魁は丸いキャンディのようなものを取り出した。
揚羽は魁とキャンディとを見比べる。

「一時的にお前の体を健康体にしてやれる。のめ」

揚羽はうなずいて、キャンディを食べた。
揚羽が飲んだと見るや、魁は手を軽く振った。すると揚羽の体をしばっていた延命装置が外れる。

「すごい、延命装置なしでも苦しくない」
「・・」
「これが健康?」
「あぁ」
「ありがとう。魁って名前だったかしら」

魁は無言でうなずいた。

「ねぇ魁、私学校よりも海に行きたいわ。連れて行って」
「オレがか?」
「えぇ。ダメかしら」
「別にかまわないが・・」

魁は軽く溜息をついた。
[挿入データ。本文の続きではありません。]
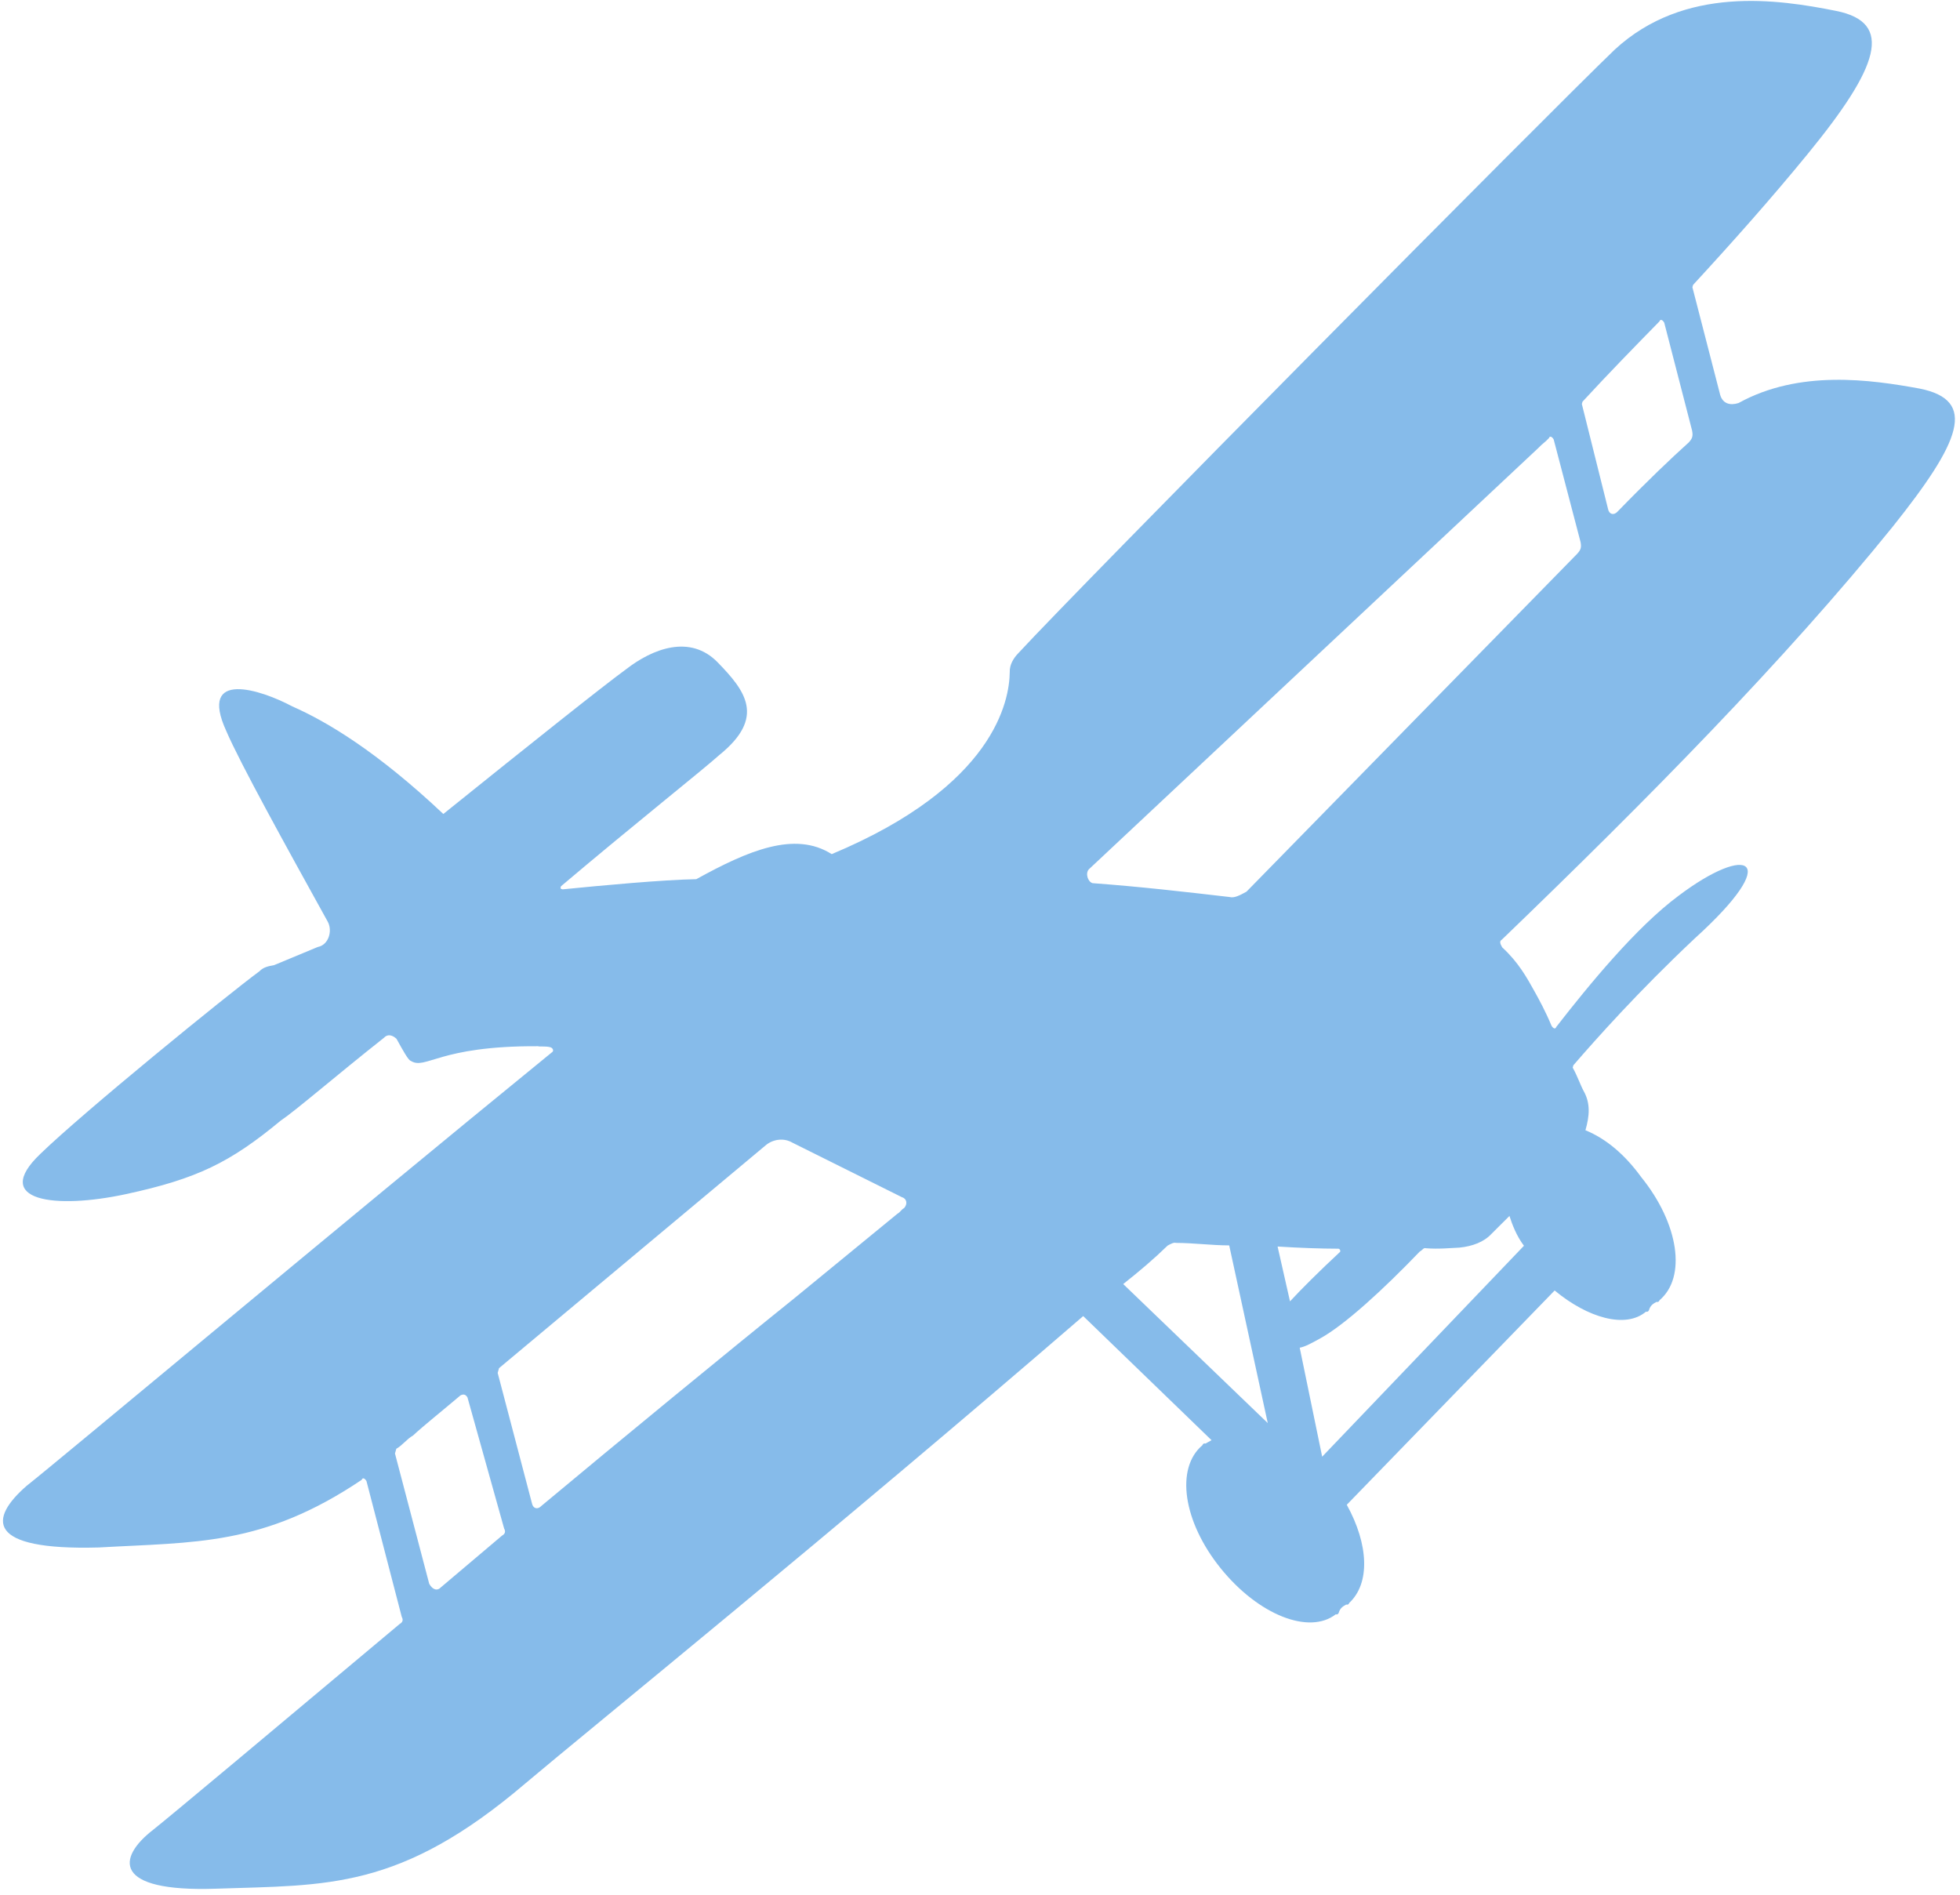 <svg width="241" height="233" viewBox="0 0 241 233" fill="none" xmlns="http://www.w3.org/2000/svg">
<path d="M18.844 224.97C20.887 223.353 33.766 212.571 49.146 199.673C49.521 199.466 49.605 199.175 49.398 198.801L45.063 182.113C44.856 181.739 44.565 181.655 44.481 181.946C32.356 190.11 23.993 189.591 12.133 190.27C-1.848 190.653 -1.341 186.703 3.286 182.68C6.537 180.151 42.674 149.919 67.806 129.433C68.181 129.226 67.974 128.852 67.683 128.768C67.101 128.6 66.435 128.723 66.144 128.639C53.869 128.569 52.365 131.601 50.495 130.432C50.204 130.348 49.582 129.224 48.753 127.725C48.255 127.266 47.672 127.098 47.214 127.596C41.087 132.448 36.46 136.471 34.502 137.797C28.292 142.939 24.252 144.926 15.51 146.818C6.768 148.711 -1.136 147.694 4.951 141.886C10.204 136.783 27.918 122.352 31.918 119.409C32.377 118.911 33.043 118.788 33.709 118.665L39.081 116.432C40.413 116.185 40.916 114.44 40.294 113.315C35.112 103.946 29.516 93.827 27.818 89.872C24.339 82.253 32.114 84.808 35.938 86.855C40.137 88.695 46.329 92.369 54.51 100.082C65.18 91.499 74.182 84.325 76.974 82.294C80.225 79.765 84.847 77.946 88.252 81.447C91.656 84.949 94.188 88.199 88.436 92.843C86.31 94.751 78.142 101.219 68.972 108.975C68.888 109.266 68.888 109.266 69.179 109.35C74.048 108.862 81.498 108.173 85.617 108.099C91.991 104.579 97.738 102.139 102.267 105.019C122.34 96.625 124.109 86.107 124.158 82.655C124.118 81.699 124.661 80.91 125.119 80.412C132.918 71.946 190.707 13.61 198.545 6.101C207.133 -1.822 218.614 -0.09 225.767 1.341C232.921 2.772 231.038 8.216 222.278 18.925C217.898 24.279 213.227 29.55 208.181 35.028L208.097 35.319L211.523 48.593C211.854 49.634 212.727 49.885 213.768 49.555C221.266 45.414 230.043 46.682 236.033 47.778C243.186 49.209 241.096 54.278 232.711 64.779C219.487 81.134 202.558 98.311 184.673 115.528C184.298 115.735 184.505 116.11 184.712 116.485C186.706 118.319 187.742 120.193 188.779 122.067C189.193 122.817 190.022 124.316 190.768 126.106C190.975 126.481 191.266 126.565 191.35 126.274C195.355 121.126 201.195 113.987 206.404 110.132C214.863 103.747 219.437 105.38 208.348 115.418C201.428 121.931 196.298 127.7 193.462 130.978L193.378 131.269C194 132.394 194.331 133.434 194.745 134.184C195.575 135.683 195.447 137.221 194.944 138.967C197.48 140.012 199.764 141.931 201.797 144.722C206.446 150.472 207.389 157.045 204.055 159.866C204.055 159.866 203.971 160.156 203.68 160.073C203.305 160.28 202.93 160.487 202.762 161.069C202.762 161.069 202.679 161.359 202.387 161.276C199.887 163.391 195.229 162.049 191.158 158.671L165.598 185.019C168.293 189.891 168.491 194.674 165.906 197.08C165.906 197.08 165.822 197.371 165.531 197.287C165.156 197.494 164.781 197.701 164.614 198.283C164.614 198.283 164.53 198.574 164.239 198.49C160.988 201.019 154.752 198.592 150.103 192.842C145.455 187.092 144.511 180.519 147.846 177.699C147.846 177.699 147.93 177.408 148.221 177.492C148.596 177.285 148.596 177.285 148.971 177.078L133.191 161.819C102.554 188.28 72.129 212.911 64.626 219.256C49.162 232.445 40.217 231.758 26.527 232.225C13.794 232.652 14.385 228.412 18.844 224.97ZM158.617 160.008C159.994 158.514 162.203 156.315 164.788 153.909C164.788 153.909 164.872 153.618 164.581 153.534C162.376 153.529 159.879 153.44 157.092 153.267L158.617 160.008ZM174.566 153.89C170.063 158.579 165.352 162.893 162.353 164.55C161.228 165.171 160.478 165.585 159.812 165.708L162.573 179.106L187.383 153.172C186.47 151.964 185.932 150.548 185.602 149.508L183.392 151.707C182.474 152.703 181.059 153.24 179.435 153.403C178.478 153.442 176.855 153.605 175.316 153.476C175.025 153.392 174.941 153.683 174.566 153.89ZM198.886 62.911C202.472 59.218 205.516 56.314 207.642 54.406C208.1 53.908 208.184 53.617 208.061 52.952L204.634 39.677C204.427 39.302 204.136 39.218 204.052 39.509C200.925 42.704 197.798 45.899 194.587 49.385L194.503 49.676L197.722 62.576C197.845 63.242 198.428 63.409 198.886 62.911ZM193.924 68.098C194.383 67.6 194.467 67.309 194.343 66.643L191.04 54.034C190.833 53.66 190.542 53.576 190.458 53.867C190 54.365 189.625 54.572 189.166 55.07L133.886 106.883C133.427 107.381 133.758 108.421 134.34 108.589C140.206 109.019 145.697 109.655 151.188 110.292C151.771 110.46 152.52 110.046 153.27 109.632L193.924 68.098ZM155.882 174.973L151.142 153.128C148.937 153.123 146.815 152.826 144.61 152.821C144.319 152.737 143.944 152.944 143.569 153.152C141.818 154.853 140.151 156.263 138.109 157.88L155.882 174.973ZM61.361 168.22C61.361 168.22 61.277 168.511 61.193 168.802L65.404 184.823C65.528 185.489 66.11 185.657 66.568 185.159C76.113 177.196 89.742 166 97.536 159.738L110.332 149.247C110.706 149.04 110.79 148.749 111.165 148.542C111.624 148.044 111.5 147.378 110.918 147.21L97.409 140.483C96.329 139.856 94.997 140.103 94.163 140.808L61.361 168.22ZM54.232 195.152C56.733 193.037 59.233 190.922 61.734 188.807C62.109 188.6 62.193 188.309 61.986 187.934L57.483 171.829C57.276 171.454 56.985 171.37 56.61 171.577C54.109 173.692 52.067 175.31 50.775 176.513C50.025 176.927 49.482 177.716 48.733 178.13C48.733 178.13 48.649 178.421 48.565 178.712L52.776 194.733C53.191 195.482 53.773 195.65 54.232 195.152Z" fill="#86BBEA"/>
</svg>

窓枠に近寄り、その背に翼を生やす。
漆黒の翼だった。
魁は揚羽を振り向いた。

「来い」
「えぇ」

揚羽はベッドから降りて魁の元に向かう。
魁の差し伸ばされた手に自分の手を重ねる。魁は揚羽の体をしっかりと抱き寄せると空に舞い上がった。
揚羽の瞳が驚いたように見開かれる。
幼い頃から病院にいたため、本物の風を感じたことがないのだ。

「下を見てみろ」
「下?」

魁の言うとおり下を見れば、そこは空と変わらない青がある。

「そこが海だ」
「すごい。・・・・・綺麗」

揚羽は感嘆したように呟く。
魁は揚羽をつれ、砂浜に降り立った。
揚羽は打ち寄せる波に近寄っていく。その後ろに魁がついていた。

「わぁ・・・・冷たい」

しゃがみこんでいた揚羽が立ち上がろうとした拍子に揚羽は砂に足をとられ、前に倒れる。
魁がその体を抱きとめた。

「大丈夫か?」
「えぇ、ありがとう」

揚羽と魁の視線が交差する。
一瞬だけ胸の高鳴りを覚えた揚羽だったが、そんなものは偽りなのだと首を振った。
どうせ3日後に自分は死んでしまうのだから。

「魁、明日は遊園地に連れて行ってほしいわ」
「遊園地?」
「えぇ。子供のころからずっと行きたかったところがあるの。ダメ?」
「別に」

魁との3日間はあっという間に過ぎていった。